_Available data:_
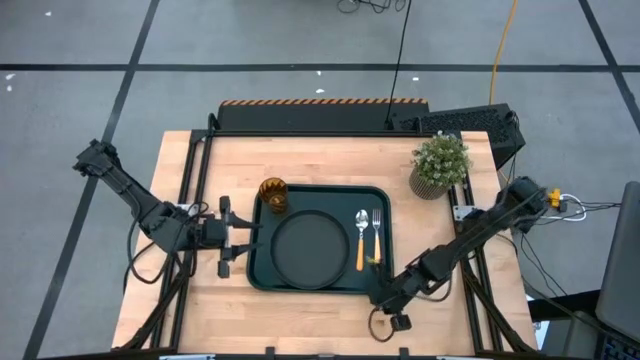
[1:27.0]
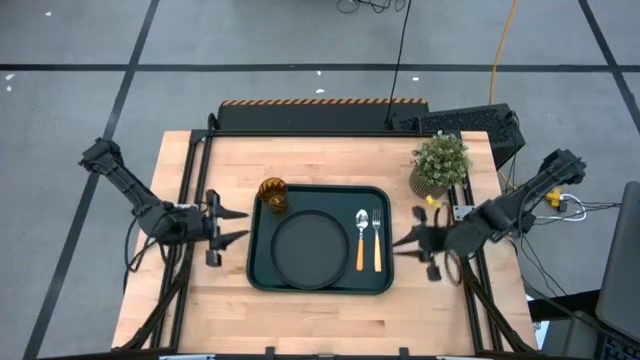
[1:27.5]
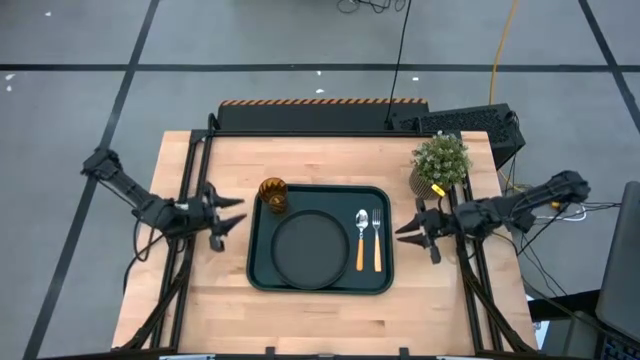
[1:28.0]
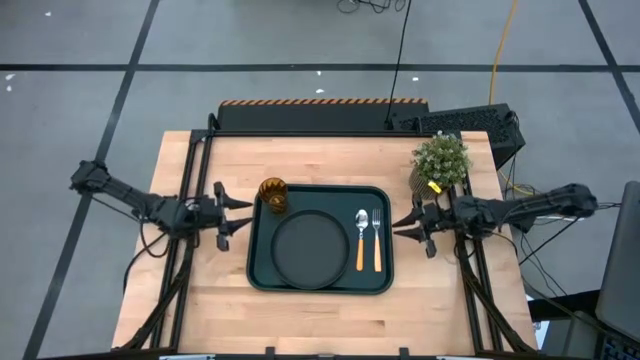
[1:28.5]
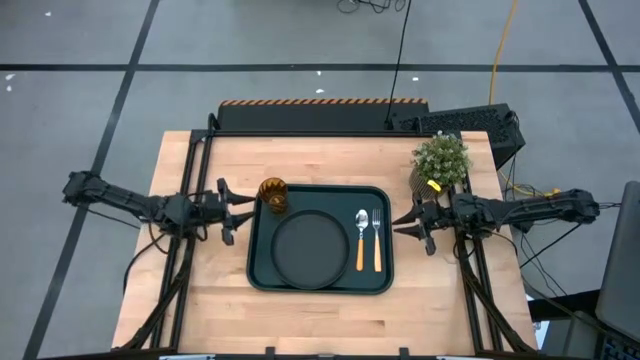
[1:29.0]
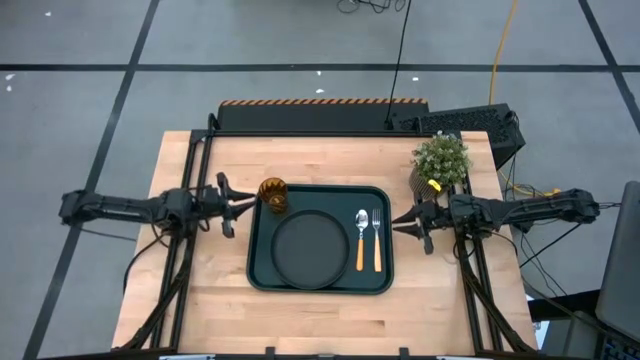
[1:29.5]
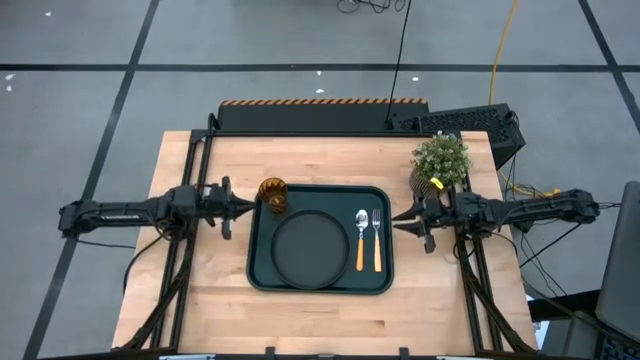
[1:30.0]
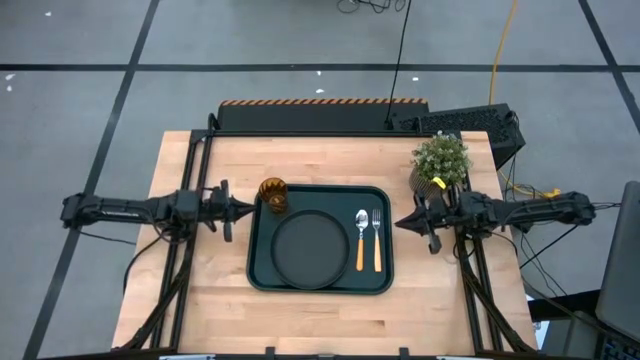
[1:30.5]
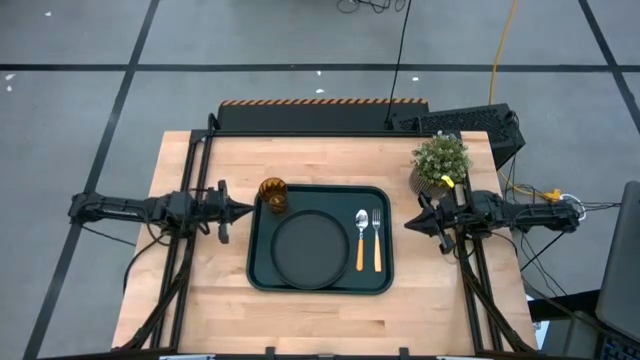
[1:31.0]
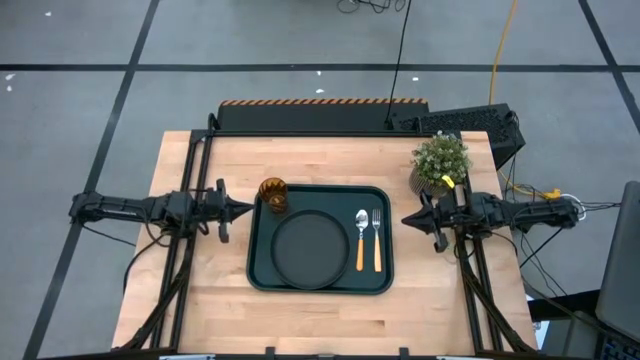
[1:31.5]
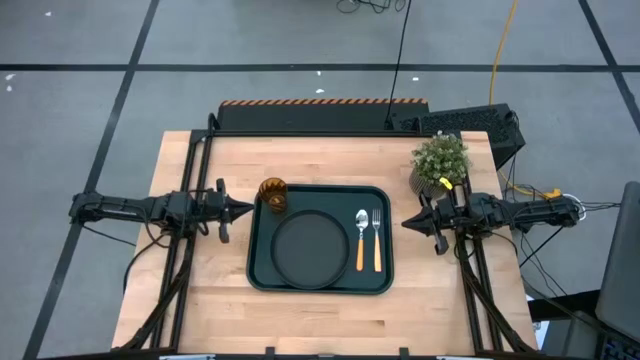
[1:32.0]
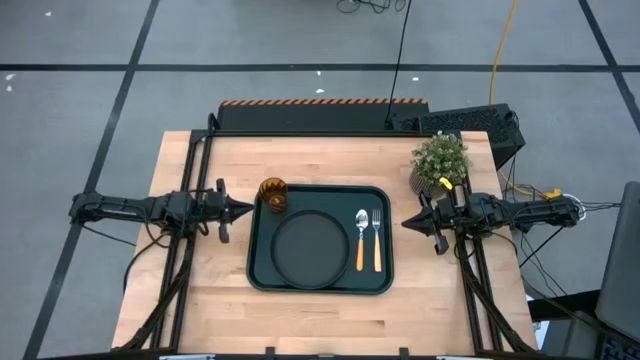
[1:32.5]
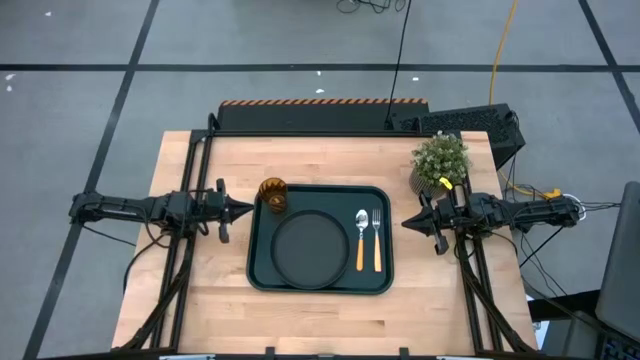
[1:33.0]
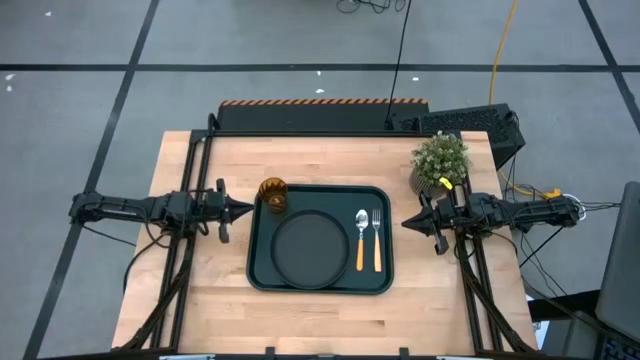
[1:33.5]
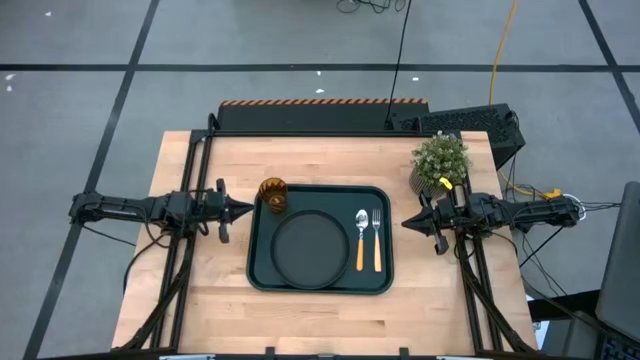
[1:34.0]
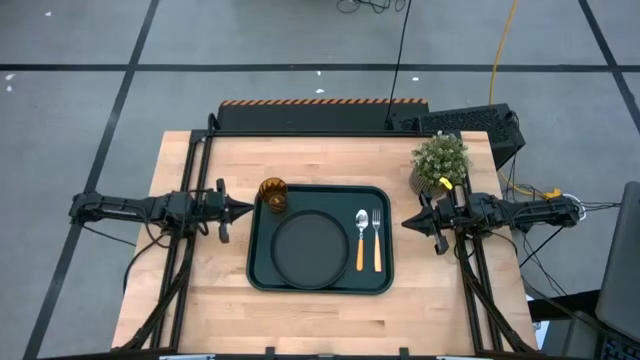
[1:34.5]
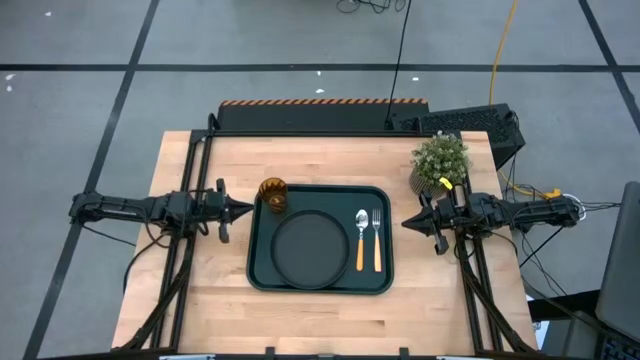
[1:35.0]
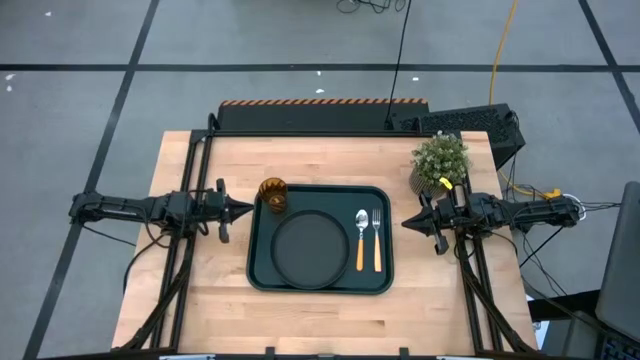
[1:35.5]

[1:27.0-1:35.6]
Task: Pick and place plate/cup/fork/spoon on tray
Return to Home Position

_Directions for this task:_
When you write out the material, keep every line exact and leave out each picture.

_Solution to this exercise:_
[1:27.0]
[1:27.5]
[1:28.0]
[1:28.5]
[1:29.0]
[1:29.5]
[1:30.0]
[1:30.5]
[1:31.0]
[1:31.5]
[1:32.0]
[1:32.5]
[1:33.0]
[1:33.5]
[1:34.0]
[1:34.5]
[1:35.0]
[1:35.5]

[1:27.0-1:35.6]
Task: Pick and place plate/cup/fork/spoon on tray
Return to Home Position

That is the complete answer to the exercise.